### REQUIRED WORK
Given the material below, return only the lines starting at the line with "hfov_deg=54.1. Metres; depth" and ending at the line with "What lies at point (496, 339)?", exactly as they appear.

### DATA TO PROCESS
========================================================================
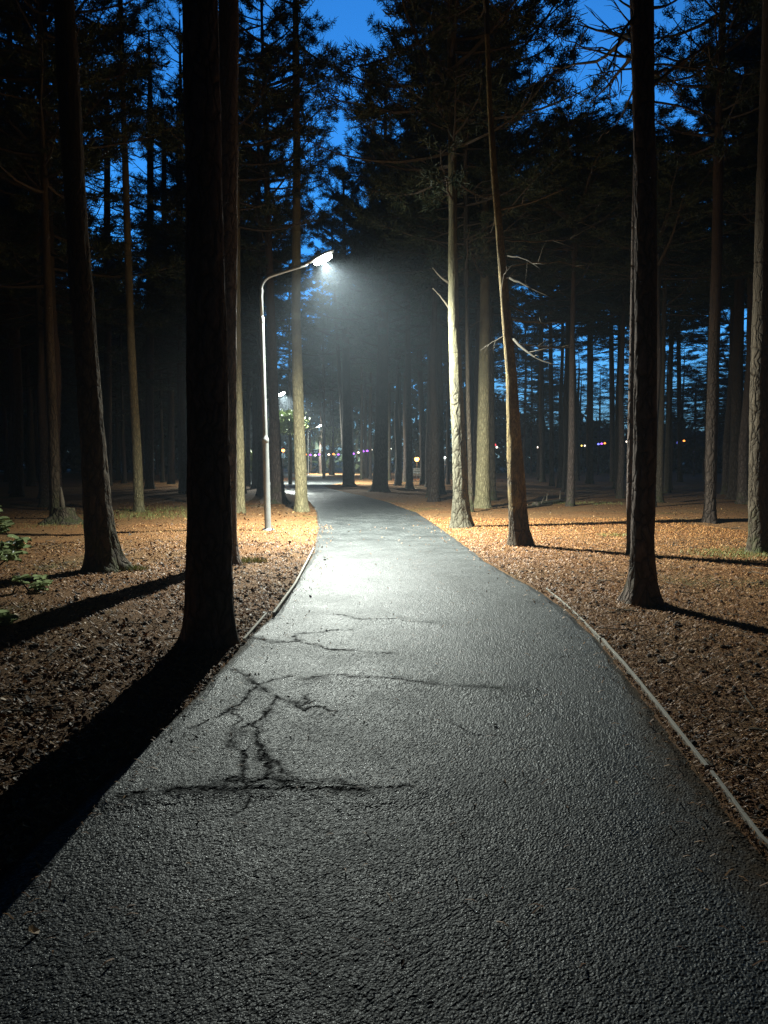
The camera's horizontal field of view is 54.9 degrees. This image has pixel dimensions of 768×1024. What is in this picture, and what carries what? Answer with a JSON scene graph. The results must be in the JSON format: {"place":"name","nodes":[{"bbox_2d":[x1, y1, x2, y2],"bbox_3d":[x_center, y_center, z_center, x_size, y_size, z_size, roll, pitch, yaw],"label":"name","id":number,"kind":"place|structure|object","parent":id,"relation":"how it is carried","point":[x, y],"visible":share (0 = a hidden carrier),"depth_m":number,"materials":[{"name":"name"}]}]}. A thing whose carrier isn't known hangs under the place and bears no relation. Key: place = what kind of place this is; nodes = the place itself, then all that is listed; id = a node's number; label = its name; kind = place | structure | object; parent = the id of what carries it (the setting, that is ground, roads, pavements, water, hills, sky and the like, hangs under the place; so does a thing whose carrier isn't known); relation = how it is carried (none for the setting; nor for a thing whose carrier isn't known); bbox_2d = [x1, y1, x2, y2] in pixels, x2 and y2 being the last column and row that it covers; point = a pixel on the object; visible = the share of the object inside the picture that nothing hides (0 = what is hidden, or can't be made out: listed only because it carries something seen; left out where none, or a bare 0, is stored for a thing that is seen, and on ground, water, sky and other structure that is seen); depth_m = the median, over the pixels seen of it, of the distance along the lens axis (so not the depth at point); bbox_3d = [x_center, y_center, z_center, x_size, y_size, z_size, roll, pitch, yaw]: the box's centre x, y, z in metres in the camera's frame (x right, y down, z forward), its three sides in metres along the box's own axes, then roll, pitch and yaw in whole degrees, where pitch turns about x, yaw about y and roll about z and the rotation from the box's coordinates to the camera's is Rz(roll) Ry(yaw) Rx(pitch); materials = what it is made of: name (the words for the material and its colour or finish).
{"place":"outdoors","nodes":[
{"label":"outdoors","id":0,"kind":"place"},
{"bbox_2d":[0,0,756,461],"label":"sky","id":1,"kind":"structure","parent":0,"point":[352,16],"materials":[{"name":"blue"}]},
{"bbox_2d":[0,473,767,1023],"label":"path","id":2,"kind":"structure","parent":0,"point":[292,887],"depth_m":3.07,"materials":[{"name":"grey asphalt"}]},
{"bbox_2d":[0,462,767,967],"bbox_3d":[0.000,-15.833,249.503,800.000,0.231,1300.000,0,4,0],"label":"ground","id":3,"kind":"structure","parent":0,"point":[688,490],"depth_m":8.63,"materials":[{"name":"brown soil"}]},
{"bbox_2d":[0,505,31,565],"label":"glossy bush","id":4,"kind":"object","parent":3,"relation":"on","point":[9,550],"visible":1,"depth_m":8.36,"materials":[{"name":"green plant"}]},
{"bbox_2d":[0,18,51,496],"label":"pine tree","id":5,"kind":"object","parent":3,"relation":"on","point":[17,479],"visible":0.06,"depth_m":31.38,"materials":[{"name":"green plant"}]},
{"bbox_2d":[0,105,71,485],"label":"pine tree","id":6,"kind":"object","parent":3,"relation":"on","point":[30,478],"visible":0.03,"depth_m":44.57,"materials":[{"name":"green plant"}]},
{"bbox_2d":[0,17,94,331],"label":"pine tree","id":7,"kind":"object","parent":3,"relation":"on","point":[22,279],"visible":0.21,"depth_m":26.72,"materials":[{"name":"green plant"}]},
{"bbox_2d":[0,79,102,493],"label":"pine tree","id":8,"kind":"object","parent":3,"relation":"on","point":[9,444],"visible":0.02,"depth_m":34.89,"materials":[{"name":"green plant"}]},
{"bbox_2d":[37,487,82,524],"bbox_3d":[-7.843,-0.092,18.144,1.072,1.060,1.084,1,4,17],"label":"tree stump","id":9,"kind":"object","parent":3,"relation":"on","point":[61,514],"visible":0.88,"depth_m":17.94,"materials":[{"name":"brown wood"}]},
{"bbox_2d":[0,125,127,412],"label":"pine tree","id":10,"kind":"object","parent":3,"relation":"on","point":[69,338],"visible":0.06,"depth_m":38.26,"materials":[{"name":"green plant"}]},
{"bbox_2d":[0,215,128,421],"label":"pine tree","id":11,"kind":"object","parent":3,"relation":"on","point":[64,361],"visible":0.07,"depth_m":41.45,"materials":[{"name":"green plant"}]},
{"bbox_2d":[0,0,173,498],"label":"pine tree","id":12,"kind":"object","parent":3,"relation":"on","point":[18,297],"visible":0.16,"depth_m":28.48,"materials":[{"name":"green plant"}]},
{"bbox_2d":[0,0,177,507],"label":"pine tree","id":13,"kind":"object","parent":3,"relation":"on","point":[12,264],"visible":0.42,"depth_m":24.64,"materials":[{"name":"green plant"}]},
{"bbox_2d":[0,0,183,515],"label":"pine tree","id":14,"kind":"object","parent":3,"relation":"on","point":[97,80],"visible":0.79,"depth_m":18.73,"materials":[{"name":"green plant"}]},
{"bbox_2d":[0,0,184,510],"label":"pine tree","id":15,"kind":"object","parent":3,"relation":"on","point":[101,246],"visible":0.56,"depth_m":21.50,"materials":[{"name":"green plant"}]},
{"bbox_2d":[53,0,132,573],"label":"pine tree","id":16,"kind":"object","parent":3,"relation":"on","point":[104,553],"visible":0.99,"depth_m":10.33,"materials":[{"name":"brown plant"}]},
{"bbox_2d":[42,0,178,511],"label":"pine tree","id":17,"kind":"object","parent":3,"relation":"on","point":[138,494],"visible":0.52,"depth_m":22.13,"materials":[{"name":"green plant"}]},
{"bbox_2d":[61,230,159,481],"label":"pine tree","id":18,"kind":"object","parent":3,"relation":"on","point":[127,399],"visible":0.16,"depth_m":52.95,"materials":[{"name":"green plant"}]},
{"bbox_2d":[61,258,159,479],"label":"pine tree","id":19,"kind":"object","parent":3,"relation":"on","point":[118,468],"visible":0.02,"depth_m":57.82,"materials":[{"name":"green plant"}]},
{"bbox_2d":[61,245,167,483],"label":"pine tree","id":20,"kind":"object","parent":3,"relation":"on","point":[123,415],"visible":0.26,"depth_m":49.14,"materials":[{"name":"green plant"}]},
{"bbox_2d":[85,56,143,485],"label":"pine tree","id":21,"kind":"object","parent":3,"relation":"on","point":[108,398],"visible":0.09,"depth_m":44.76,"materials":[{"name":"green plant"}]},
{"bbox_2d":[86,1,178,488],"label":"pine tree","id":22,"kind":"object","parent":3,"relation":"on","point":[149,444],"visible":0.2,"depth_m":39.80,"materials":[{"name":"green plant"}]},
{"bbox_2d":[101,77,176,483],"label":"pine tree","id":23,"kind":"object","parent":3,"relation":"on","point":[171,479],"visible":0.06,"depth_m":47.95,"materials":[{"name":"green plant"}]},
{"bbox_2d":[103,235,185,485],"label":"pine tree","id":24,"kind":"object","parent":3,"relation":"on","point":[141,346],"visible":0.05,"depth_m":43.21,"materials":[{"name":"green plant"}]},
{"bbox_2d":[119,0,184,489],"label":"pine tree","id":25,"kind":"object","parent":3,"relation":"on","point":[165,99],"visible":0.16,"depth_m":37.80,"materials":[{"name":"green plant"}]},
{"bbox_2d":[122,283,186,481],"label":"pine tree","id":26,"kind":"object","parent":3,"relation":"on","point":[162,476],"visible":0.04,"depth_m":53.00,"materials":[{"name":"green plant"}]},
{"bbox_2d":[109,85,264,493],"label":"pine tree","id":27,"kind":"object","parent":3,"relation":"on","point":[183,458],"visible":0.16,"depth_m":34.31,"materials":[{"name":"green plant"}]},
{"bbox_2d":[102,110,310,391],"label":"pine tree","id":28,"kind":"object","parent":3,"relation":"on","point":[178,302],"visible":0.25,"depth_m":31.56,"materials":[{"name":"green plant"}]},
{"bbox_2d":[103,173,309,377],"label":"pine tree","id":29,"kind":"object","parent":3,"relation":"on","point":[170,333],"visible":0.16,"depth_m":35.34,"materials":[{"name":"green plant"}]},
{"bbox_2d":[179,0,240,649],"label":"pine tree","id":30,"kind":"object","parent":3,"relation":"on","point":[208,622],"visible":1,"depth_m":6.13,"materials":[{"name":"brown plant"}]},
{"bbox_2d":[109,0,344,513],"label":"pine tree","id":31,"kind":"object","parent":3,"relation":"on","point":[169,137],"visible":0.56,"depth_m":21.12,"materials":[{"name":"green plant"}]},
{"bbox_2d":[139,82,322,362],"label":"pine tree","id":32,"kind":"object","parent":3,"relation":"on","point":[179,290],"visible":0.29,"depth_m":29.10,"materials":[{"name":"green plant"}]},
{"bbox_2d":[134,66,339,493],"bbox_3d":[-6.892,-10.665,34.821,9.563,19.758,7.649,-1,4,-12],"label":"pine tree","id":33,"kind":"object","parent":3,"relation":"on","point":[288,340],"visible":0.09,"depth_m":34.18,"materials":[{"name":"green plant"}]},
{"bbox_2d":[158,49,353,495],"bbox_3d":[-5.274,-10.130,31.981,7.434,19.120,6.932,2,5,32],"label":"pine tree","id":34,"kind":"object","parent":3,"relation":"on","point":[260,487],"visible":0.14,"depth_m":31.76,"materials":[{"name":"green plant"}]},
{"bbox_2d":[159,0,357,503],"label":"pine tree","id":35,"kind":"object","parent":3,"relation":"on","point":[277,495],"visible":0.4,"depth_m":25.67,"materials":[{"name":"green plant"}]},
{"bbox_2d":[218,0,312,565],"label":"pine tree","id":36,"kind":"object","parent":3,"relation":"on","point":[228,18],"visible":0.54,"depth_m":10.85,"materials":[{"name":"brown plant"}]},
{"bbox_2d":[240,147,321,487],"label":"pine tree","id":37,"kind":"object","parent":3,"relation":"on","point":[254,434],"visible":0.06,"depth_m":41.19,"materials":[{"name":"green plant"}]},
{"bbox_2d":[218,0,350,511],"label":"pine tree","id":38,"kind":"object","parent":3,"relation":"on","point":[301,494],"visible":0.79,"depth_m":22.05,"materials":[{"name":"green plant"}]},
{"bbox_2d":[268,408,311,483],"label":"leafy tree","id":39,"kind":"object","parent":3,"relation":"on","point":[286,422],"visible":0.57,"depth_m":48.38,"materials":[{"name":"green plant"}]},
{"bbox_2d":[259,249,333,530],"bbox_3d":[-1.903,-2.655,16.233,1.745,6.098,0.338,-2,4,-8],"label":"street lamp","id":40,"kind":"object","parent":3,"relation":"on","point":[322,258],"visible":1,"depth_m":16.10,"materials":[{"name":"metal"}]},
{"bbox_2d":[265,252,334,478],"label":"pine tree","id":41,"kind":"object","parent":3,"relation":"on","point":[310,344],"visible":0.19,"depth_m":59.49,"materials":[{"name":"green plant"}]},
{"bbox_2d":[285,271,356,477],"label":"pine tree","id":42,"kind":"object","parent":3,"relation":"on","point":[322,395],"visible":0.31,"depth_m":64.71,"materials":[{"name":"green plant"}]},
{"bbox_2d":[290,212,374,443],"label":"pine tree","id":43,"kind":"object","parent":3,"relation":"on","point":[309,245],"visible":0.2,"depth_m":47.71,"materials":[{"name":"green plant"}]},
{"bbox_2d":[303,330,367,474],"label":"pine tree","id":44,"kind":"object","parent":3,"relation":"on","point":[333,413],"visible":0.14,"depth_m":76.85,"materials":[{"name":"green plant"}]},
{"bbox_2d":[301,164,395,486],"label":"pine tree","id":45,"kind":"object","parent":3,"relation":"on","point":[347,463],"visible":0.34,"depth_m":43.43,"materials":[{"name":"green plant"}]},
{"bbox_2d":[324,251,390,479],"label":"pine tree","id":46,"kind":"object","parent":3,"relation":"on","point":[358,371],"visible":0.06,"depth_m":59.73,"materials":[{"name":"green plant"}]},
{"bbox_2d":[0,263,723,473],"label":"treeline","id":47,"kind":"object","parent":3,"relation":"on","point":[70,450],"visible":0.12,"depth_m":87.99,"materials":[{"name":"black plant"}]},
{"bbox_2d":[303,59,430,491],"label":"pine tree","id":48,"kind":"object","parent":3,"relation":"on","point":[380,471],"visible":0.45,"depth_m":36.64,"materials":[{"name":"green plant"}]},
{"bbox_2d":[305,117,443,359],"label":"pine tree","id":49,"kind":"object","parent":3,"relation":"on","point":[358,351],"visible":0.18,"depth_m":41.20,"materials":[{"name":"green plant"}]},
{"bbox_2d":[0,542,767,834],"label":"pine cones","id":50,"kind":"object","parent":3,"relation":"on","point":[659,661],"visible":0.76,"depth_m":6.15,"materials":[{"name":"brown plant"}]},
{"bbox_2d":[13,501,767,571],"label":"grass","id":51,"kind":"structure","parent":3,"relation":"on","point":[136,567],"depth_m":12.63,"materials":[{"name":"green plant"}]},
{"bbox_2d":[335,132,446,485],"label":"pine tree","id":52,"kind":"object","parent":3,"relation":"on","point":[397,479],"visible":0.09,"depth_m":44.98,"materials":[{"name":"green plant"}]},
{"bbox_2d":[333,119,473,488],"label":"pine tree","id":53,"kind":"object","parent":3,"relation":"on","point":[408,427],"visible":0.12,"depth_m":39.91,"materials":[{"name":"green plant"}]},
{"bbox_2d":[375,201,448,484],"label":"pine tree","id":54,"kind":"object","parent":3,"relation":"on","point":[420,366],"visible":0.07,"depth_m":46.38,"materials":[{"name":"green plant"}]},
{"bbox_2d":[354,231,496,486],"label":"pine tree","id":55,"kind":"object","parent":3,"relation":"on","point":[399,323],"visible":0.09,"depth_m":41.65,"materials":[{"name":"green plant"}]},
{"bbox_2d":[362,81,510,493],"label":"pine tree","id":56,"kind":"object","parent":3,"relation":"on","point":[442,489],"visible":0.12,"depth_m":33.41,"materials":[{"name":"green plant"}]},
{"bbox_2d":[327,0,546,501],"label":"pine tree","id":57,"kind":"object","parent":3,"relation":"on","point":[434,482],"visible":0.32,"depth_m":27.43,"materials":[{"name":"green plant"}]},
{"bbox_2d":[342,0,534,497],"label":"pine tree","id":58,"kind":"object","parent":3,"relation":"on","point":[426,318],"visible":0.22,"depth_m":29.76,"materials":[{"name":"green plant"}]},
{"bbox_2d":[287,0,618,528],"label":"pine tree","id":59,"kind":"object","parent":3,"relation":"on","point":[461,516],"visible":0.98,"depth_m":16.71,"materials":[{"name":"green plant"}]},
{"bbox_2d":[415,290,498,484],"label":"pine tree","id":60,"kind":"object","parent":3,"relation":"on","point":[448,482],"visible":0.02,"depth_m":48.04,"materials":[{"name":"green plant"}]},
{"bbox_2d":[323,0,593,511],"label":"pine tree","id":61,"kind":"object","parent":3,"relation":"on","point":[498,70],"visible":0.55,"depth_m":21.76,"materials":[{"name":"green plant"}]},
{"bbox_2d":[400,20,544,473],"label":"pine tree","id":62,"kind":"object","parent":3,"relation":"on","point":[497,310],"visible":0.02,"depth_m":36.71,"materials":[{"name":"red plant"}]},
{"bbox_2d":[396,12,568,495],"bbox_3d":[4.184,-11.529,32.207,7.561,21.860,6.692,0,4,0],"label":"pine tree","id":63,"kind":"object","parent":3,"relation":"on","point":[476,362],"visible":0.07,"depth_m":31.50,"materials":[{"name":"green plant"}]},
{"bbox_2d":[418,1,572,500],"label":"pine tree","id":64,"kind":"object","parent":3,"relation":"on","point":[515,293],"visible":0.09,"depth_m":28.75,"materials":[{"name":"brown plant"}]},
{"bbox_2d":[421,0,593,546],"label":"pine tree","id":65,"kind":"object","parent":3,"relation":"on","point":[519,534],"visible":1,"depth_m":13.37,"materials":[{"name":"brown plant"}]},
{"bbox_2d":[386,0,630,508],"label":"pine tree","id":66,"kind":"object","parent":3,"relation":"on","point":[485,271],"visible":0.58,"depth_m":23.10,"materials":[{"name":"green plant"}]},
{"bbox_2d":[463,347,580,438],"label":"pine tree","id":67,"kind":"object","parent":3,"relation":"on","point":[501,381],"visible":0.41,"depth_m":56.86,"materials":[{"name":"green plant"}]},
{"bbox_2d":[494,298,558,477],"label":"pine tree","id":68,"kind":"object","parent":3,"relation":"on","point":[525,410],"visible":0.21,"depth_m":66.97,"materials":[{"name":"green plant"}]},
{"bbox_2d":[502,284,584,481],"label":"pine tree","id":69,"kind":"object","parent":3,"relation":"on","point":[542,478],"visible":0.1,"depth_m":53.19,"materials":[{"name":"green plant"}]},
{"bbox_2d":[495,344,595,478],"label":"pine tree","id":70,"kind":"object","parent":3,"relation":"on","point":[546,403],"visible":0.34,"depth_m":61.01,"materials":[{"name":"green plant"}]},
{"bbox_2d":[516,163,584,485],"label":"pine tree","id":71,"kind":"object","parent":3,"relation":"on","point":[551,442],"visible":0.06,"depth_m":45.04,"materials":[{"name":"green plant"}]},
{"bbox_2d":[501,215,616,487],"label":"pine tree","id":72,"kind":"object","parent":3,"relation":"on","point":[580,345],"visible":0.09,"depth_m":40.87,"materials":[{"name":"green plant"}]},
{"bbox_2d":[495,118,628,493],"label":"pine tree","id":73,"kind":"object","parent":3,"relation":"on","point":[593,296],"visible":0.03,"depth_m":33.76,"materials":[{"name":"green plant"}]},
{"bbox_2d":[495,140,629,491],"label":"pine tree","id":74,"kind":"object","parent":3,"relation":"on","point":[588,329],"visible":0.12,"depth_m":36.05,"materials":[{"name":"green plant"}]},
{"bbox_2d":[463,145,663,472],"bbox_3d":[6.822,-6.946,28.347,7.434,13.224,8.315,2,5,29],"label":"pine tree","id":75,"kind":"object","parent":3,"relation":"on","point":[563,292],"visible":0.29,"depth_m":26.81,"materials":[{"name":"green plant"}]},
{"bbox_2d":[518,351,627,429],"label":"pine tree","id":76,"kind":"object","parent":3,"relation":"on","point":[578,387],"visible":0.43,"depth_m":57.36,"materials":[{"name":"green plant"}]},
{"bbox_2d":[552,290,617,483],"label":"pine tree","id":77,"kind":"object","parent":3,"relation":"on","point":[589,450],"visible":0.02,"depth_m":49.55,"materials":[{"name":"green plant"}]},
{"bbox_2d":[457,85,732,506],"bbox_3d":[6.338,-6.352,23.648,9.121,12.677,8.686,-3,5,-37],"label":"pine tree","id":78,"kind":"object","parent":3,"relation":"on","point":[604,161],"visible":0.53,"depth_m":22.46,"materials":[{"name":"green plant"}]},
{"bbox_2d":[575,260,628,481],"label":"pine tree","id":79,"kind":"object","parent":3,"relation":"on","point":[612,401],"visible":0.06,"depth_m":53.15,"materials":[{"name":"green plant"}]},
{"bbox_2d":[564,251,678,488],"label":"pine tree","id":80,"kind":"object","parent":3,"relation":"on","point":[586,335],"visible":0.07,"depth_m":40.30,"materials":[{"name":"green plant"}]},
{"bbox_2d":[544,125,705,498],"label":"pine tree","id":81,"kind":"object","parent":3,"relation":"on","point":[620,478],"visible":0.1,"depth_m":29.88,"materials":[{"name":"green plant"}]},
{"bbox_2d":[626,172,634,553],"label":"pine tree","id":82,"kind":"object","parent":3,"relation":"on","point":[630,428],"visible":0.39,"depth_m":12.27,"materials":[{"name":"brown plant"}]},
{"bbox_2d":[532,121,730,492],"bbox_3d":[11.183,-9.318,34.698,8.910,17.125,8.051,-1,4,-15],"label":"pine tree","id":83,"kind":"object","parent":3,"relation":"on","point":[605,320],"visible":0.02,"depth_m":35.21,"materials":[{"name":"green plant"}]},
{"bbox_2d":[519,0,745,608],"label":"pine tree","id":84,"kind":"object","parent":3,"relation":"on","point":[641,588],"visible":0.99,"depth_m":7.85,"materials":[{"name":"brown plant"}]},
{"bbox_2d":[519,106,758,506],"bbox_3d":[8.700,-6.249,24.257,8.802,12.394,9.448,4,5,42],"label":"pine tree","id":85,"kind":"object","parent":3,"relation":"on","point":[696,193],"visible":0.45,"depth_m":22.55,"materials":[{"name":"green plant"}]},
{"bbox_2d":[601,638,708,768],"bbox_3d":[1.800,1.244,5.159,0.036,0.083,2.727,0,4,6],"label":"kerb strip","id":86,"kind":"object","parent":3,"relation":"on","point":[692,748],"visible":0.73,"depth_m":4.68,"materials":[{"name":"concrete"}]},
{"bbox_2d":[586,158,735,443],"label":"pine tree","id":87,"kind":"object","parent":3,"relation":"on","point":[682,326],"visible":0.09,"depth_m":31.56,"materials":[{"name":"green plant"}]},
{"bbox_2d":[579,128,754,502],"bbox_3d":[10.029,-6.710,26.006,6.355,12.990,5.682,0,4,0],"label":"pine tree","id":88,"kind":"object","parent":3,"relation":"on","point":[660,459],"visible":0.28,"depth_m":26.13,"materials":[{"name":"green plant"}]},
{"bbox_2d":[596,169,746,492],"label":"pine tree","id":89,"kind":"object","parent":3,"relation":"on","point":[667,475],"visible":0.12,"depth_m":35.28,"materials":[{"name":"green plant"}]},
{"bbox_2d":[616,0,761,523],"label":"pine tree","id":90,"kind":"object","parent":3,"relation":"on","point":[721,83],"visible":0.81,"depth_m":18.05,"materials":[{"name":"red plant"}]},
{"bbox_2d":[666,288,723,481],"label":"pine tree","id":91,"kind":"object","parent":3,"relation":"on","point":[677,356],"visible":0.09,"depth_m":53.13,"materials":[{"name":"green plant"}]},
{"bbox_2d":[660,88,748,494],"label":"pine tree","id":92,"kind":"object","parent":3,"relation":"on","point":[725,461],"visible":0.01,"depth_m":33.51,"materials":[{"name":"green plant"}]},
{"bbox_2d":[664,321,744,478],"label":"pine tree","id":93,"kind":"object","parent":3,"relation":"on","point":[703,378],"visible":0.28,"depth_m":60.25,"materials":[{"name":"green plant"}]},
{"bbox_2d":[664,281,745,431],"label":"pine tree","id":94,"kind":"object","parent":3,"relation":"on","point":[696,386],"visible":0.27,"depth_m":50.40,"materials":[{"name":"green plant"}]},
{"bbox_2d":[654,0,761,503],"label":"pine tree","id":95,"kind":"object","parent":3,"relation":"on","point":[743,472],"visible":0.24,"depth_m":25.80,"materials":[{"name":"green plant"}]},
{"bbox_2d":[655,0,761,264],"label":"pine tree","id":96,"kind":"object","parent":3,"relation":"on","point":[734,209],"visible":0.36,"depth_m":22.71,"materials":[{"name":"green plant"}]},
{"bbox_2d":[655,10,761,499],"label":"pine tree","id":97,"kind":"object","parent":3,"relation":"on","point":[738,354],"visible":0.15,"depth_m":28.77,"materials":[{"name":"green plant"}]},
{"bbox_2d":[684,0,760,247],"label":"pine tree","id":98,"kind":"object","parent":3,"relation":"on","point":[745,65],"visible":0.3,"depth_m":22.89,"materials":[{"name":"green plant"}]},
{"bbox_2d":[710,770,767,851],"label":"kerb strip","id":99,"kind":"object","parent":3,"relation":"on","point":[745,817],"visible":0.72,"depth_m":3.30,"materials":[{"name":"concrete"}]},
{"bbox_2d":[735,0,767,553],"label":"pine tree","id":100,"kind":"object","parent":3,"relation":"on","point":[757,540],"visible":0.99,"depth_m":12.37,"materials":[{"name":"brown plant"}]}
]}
========================================================================
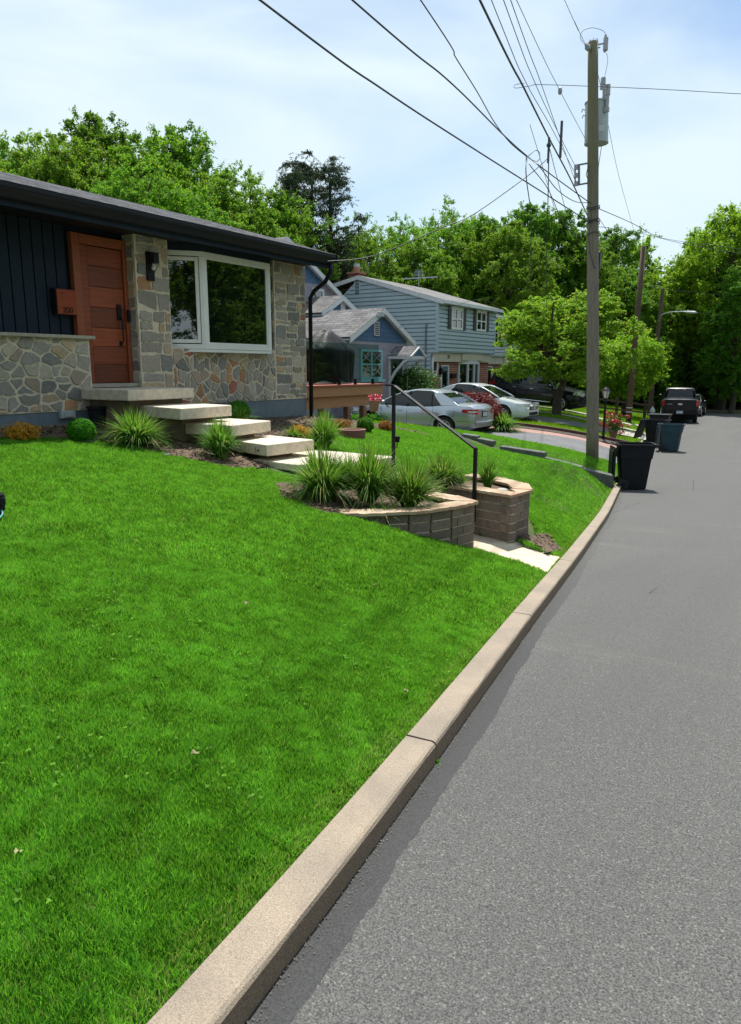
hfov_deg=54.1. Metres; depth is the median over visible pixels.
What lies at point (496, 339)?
========================================================================
### ANSWER BELOW
hfov_deg=54.1. Metres; depth is the median over visible pixels.
What lies at point (496, 339)?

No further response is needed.